» **EXERCISE PROMPT**:
Omit every picture and return the rest of the data unaltered.
** STORED DATA follows **
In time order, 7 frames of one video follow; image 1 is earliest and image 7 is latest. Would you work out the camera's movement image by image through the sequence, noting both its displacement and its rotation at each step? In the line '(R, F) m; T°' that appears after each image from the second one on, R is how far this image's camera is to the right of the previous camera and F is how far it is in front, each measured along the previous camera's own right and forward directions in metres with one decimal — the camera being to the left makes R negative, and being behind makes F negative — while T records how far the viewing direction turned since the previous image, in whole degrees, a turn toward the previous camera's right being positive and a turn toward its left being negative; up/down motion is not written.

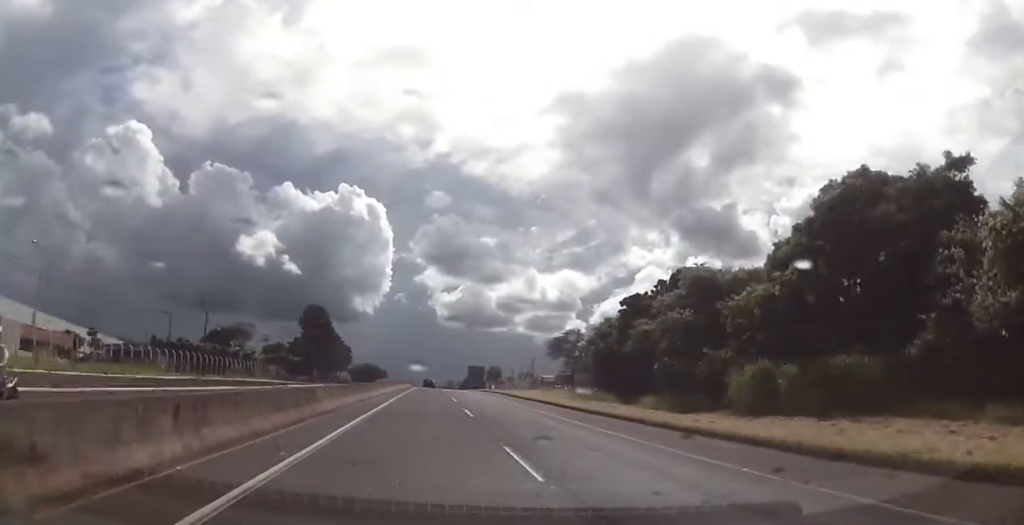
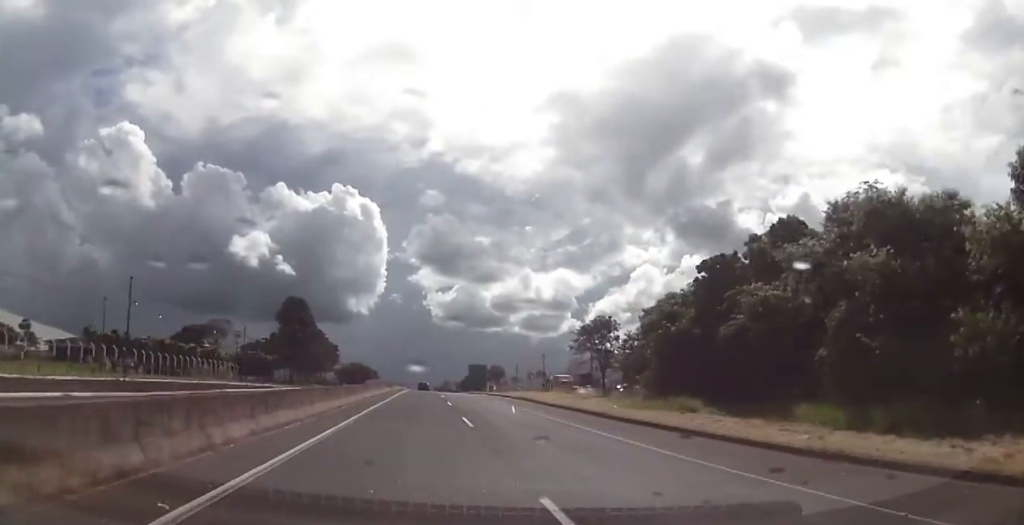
(+0.5, +21.9) m; +1°
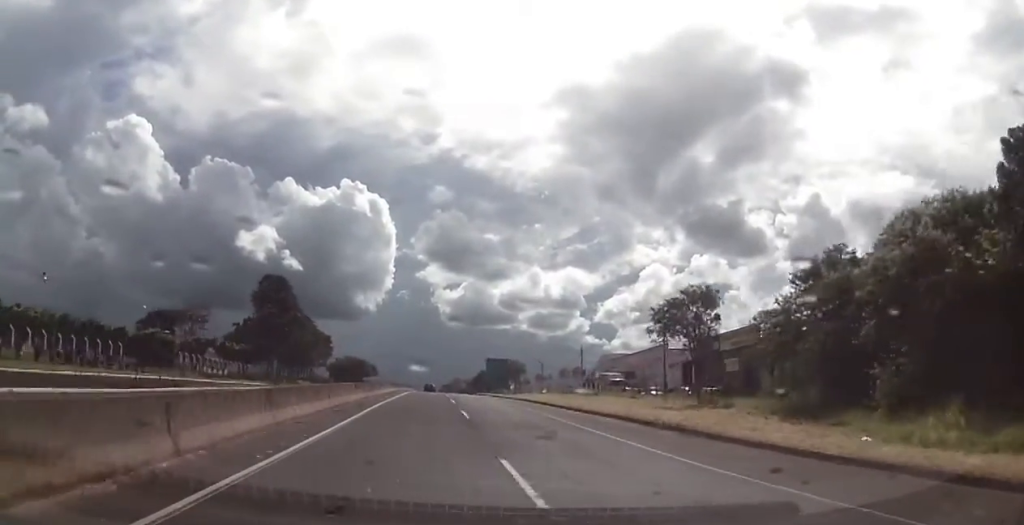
(-0.1, +28.9) m; 0°
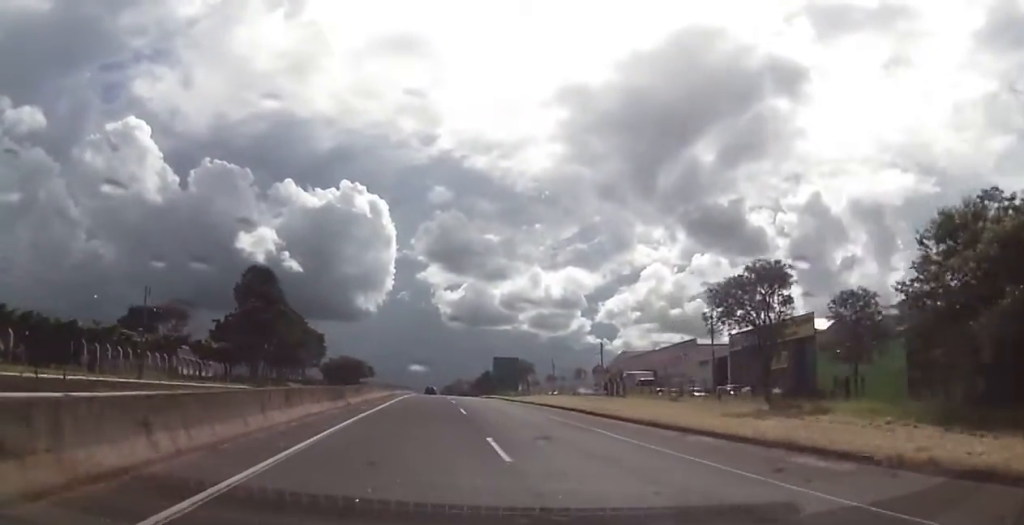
(0.0, +12.4) m; 0°
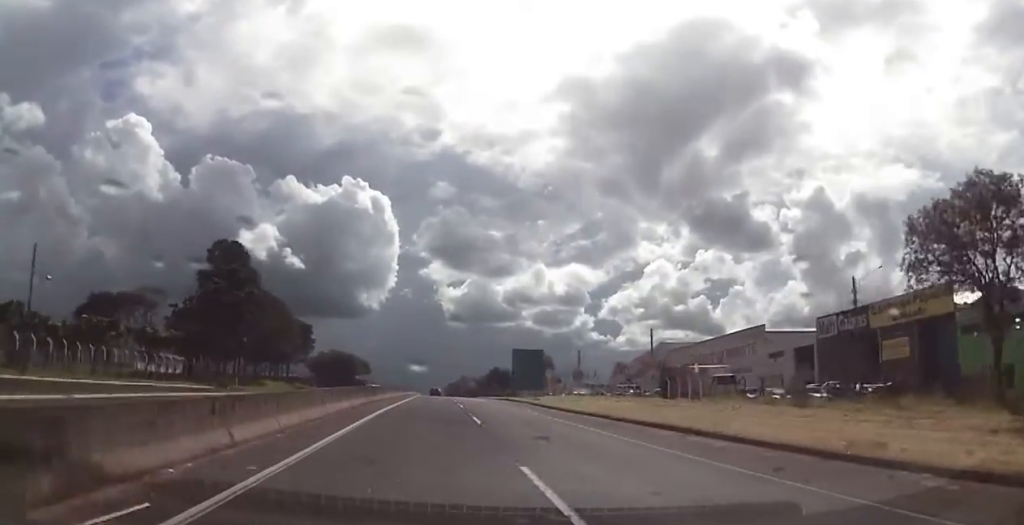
(0.0, +21.4) m; 0°
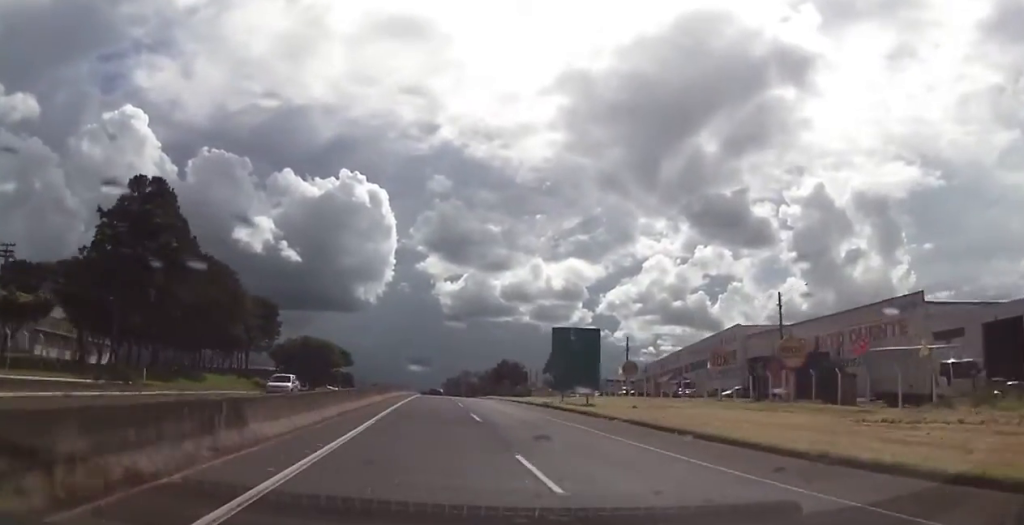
(-0.1, +30.1) m; 0°
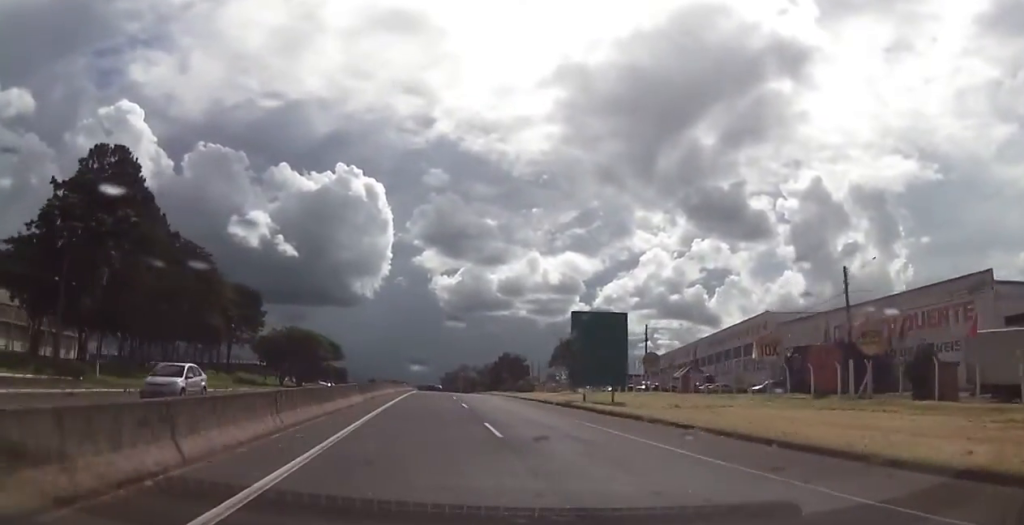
(0.0, +8.9) m; 0°
** End of STORED DATA **
» **YOUR RESPONSE**:
In time order, 7 frames of one video follow; image 1 is earliest and image 7 is latest. Would you work out the camera's movement image by image through the sequence, noting both its displacement and its rotation at each step? In the line '(R, F) m; T°' that appears after each image from the second one on, R is how far this image's camera is to the right of the previous camera and F is how far it is in front, each measured along the previous camera's own right and forward directions in metres with one decimal — the camera being to the left makes R negative, and being behind makes F negative — while T records how far the viewing direction turned since the previous image, in whole degrees, a turn toward the previous camera's right being positive and a turn toward its left being negative; up/down motion is not written.

(+0.5, +21.9) m; +1°
(-0.1, +28.9) m; 0°
(0.0, +12.4) m; 0°
(0.0, +21.4) m; 0°
(-0.1, +30.1) m; 0°
(0.0, +8.9) m; 0°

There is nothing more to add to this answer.